Task description -
What is needed is the full set of records, word for word, with no pictures.

Data for review -
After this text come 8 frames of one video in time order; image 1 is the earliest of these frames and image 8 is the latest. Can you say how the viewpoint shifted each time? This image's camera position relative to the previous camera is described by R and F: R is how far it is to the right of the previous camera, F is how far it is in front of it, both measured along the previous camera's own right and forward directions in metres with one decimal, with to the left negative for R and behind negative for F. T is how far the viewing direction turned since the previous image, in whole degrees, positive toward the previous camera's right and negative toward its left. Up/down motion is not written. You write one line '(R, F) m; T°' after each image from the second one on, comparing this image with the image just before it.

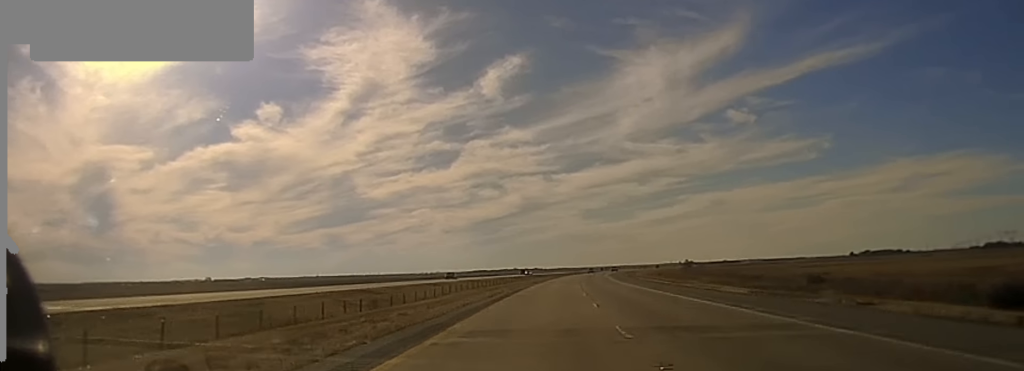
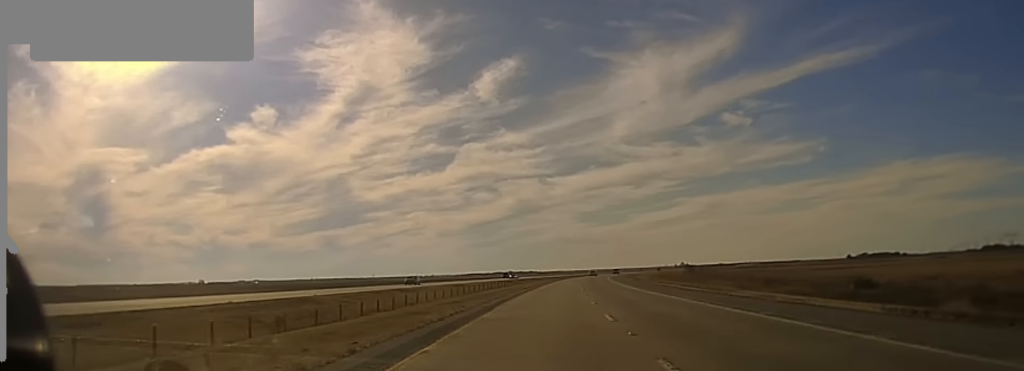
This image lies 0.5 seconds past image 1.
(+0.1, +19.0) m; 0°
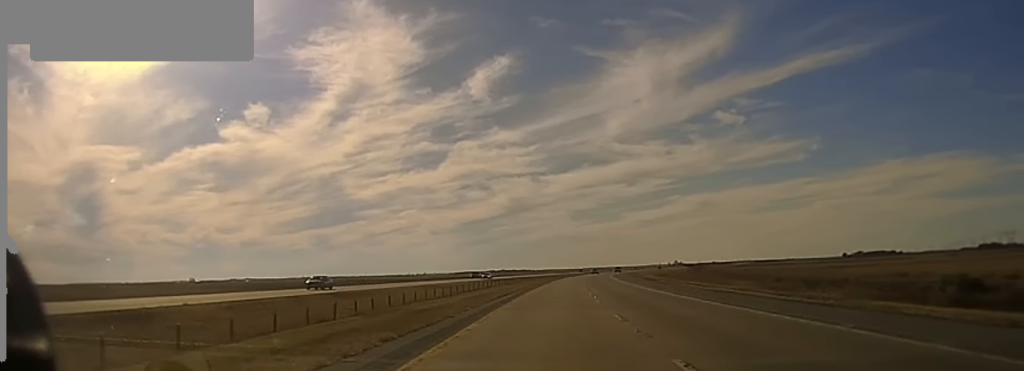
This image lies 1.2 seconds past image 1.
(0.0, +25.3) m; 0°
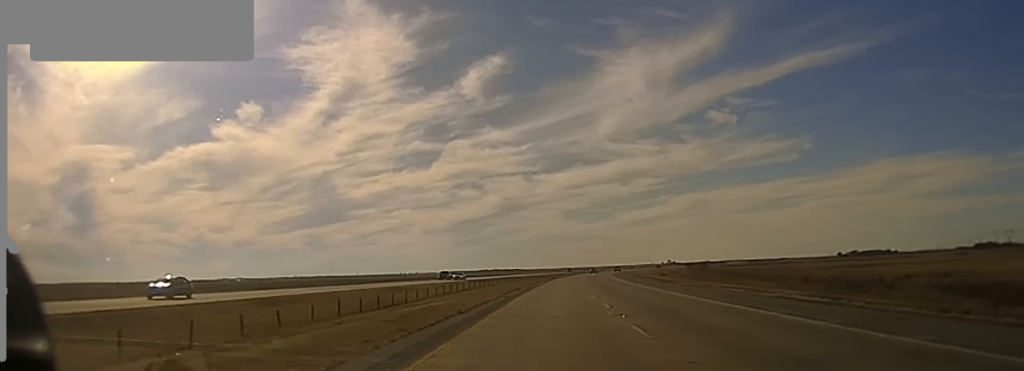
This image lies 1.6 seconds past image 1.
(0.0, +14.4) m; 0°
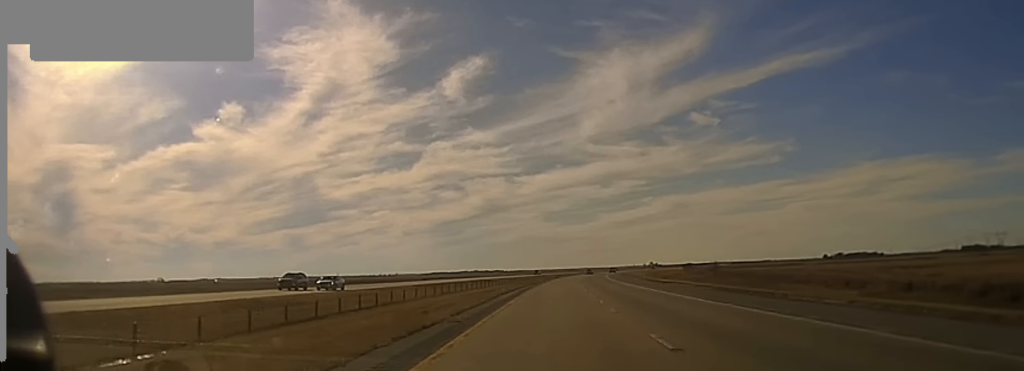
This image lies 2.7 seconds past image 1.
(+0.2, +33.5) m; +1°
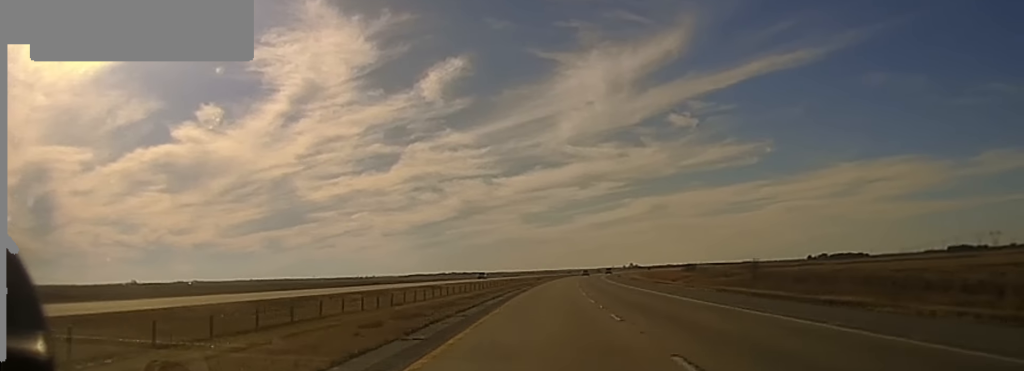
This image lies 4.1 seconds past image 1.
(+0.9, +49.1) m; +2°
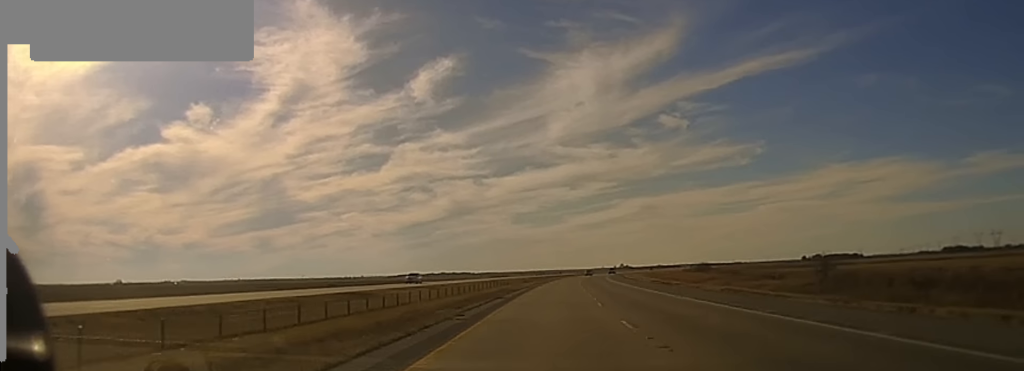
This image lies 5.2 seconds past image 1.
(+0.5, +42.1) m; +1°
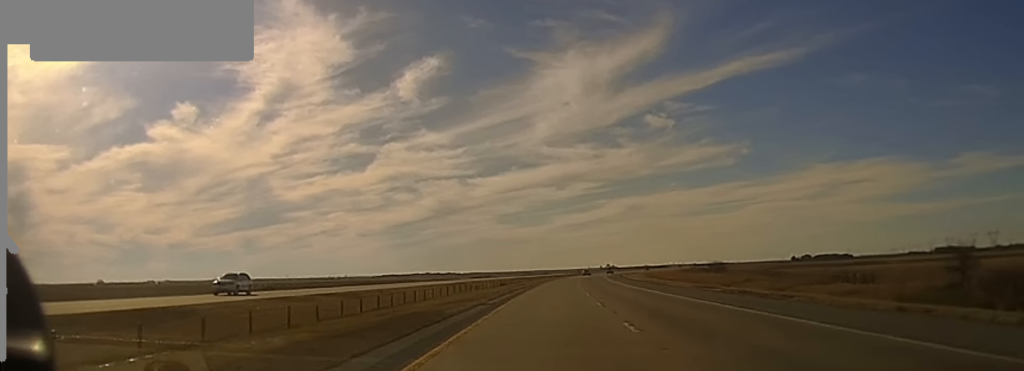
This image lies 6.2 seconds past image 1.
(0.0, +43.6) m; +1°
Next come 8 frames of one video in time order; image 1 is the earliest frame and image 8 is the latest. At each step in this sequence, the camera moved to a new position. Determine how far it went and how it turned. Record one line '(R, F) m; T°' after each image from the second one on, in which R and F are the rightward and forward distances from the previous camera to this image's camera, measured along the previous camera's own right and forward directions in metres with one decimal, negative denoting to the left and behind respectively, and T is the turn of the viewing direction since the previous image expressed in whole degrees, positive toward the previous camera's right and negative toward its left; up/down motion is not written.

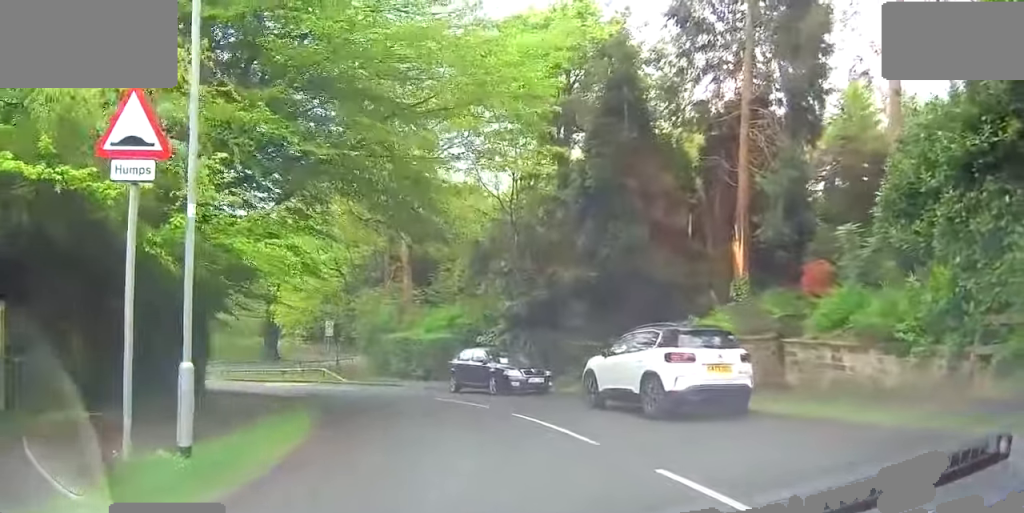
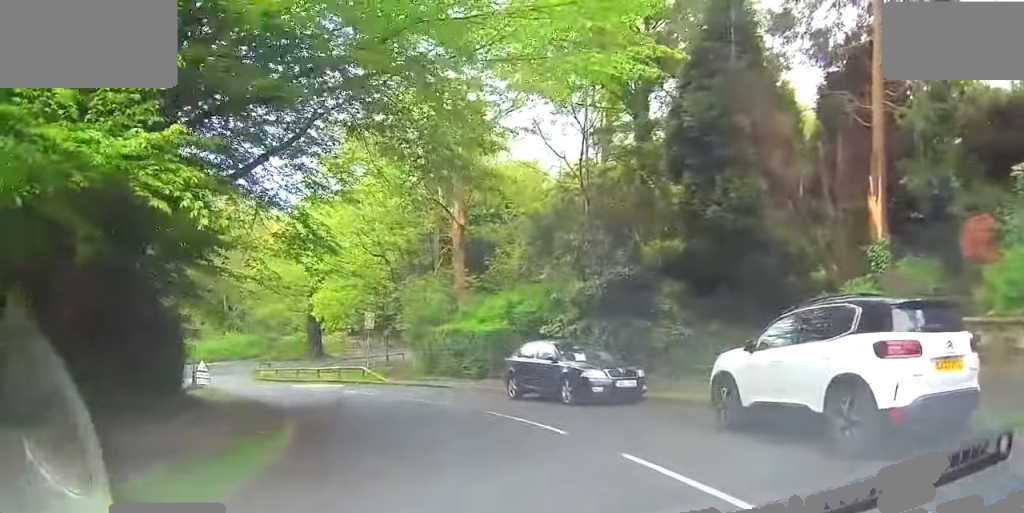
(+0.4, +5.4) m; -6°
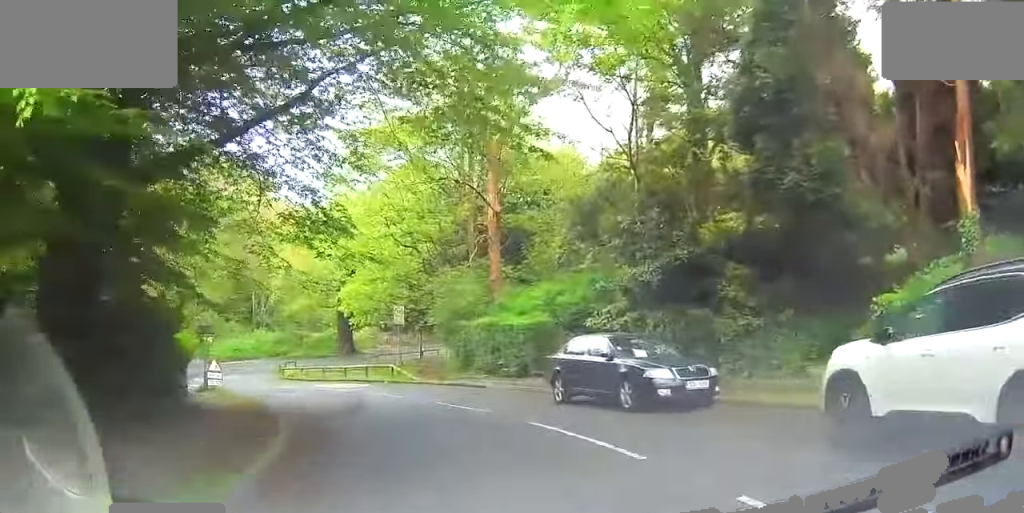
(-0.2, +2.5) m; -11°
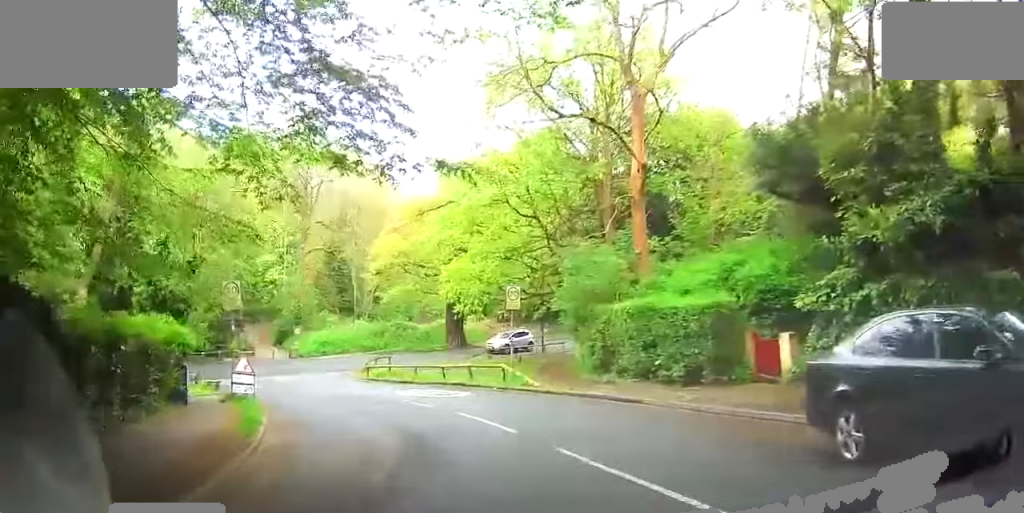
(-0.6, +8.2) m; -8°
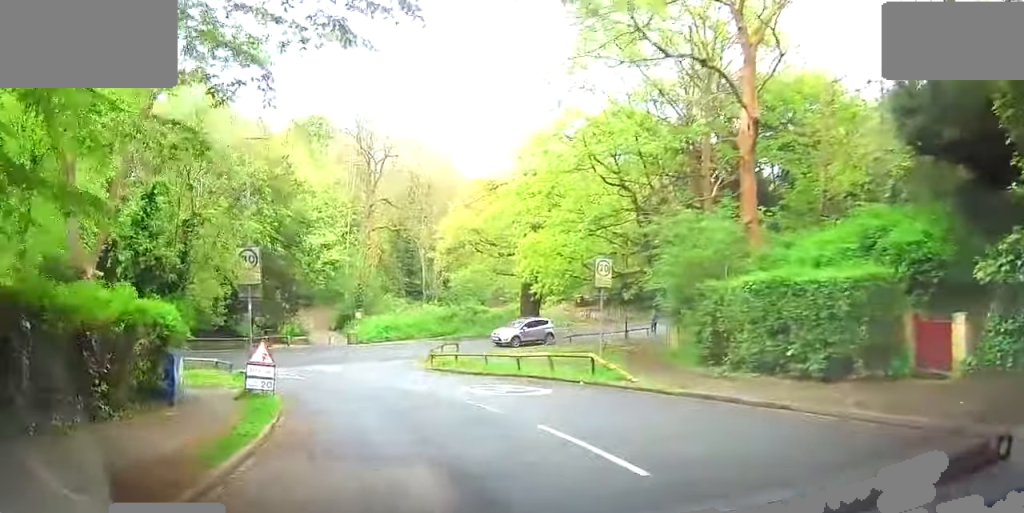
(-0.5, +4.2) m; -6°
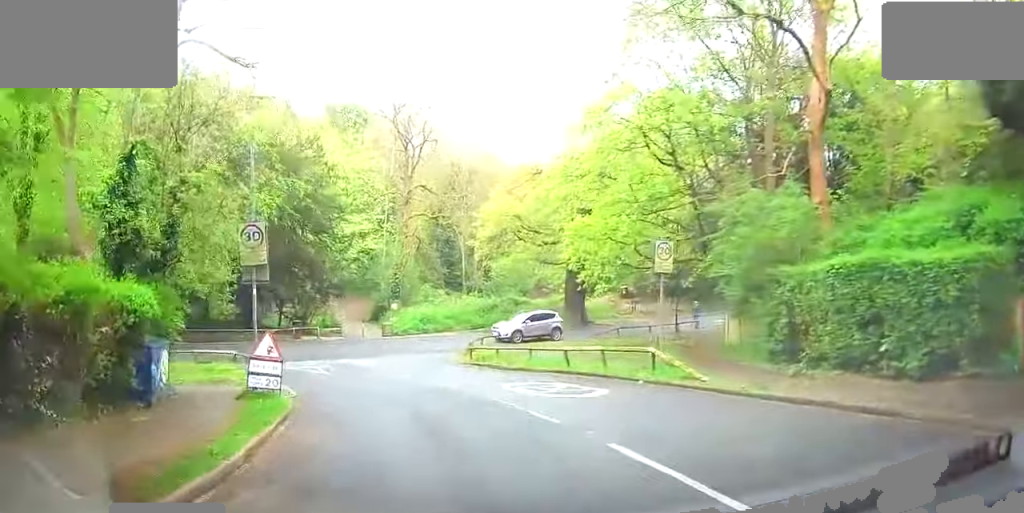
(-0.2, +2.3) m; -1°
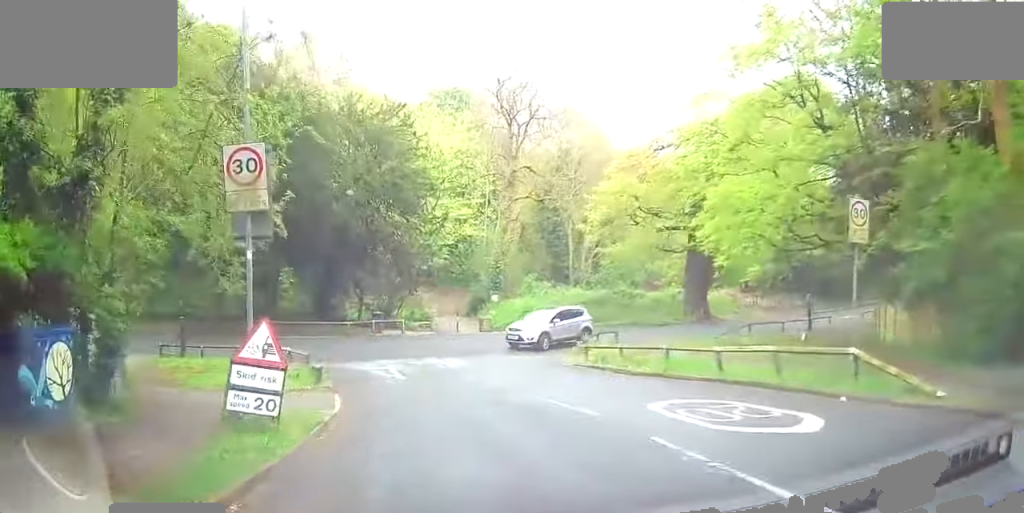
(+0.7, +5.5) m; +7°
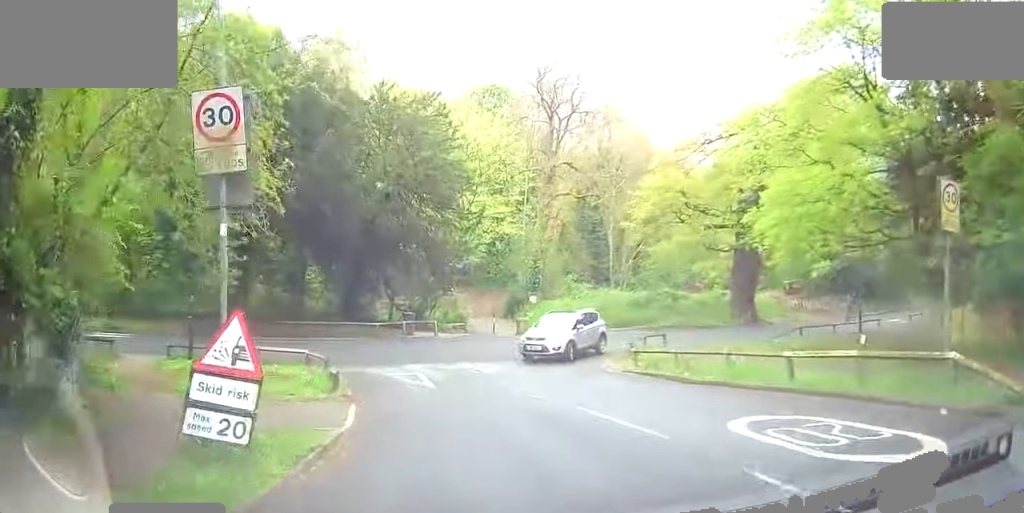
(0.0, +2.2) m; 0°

Answer for this exercise -
After this text come 8 frames of one video in time order; image 1 is the earliest of these frames and image 8 is the latest. Can you say how the viewpoint shifted each time? This image's camera position relative to the previous camera is described by R and F: R is how far it is to the right of the previous camera, F is how far it is in front of it, both measured along the previous camera's own right and forward directions in metres with one decimal, with to the left negative for R and behind negative for F. T is how far the viewing direction turned since the previous image, in whole degrees, positive toward the previous camera's right and negative toward its left. Up/down motion is not written. You write one line '(R, F) m; T°' after each image from the second one on, comparing this image with the image just before it.

This image lies 0.5 seconds past image 1.
(+0.1, +19.0) m; 0°
This image lies 1.2 seconds past image 1.
(0.0, +25.3) m; 0°
This image lies 1.6 seconds past image 1.
(0.0, +14.4) m; 0°
This image lies 2.7 seconds past image 1.
(+0.2, +33.5) m; +1°
This image lies 4.1 seconds past image 1.
(+0.9, +49.1) m; +2°
This image lies 5.2 seconds past image 1.
(+0.5, +42.1) m; +1°
This image lies 6.2 seconds past image 1.
(0.0, +43.6) m; +1°
Next come 8 frames of one video in time order; image 1 is the earliest frame and image 8 is the latest. At each step in this sequence, the camera moved to a new position. Determine how far it went and how it turned. Record one line '(R, F) m; T°' after each image from the second one on, in which R and F are the rightward and forward distances from the previous camera to this image's camera, measured along the previous camera's own right and forward directions in metres with one decimal, negative denoting to the left and behind respectively, and T is the turn of the viewing direction since the previous image expressed in whole degrees, positive toward the previous camera's right and negative toward its left; up/down motion is not written.

(+0.4, +5.4) m; -6°
(-0.2, +2.5) m; -11°
(-0.6, +8.2) m; -8°
(-0.5, +4.2) m; -6°
(-0.2, +2.3) m; -1°
(+0.7, +5.5) m; +7°
(0.0, +2.2) m; 0°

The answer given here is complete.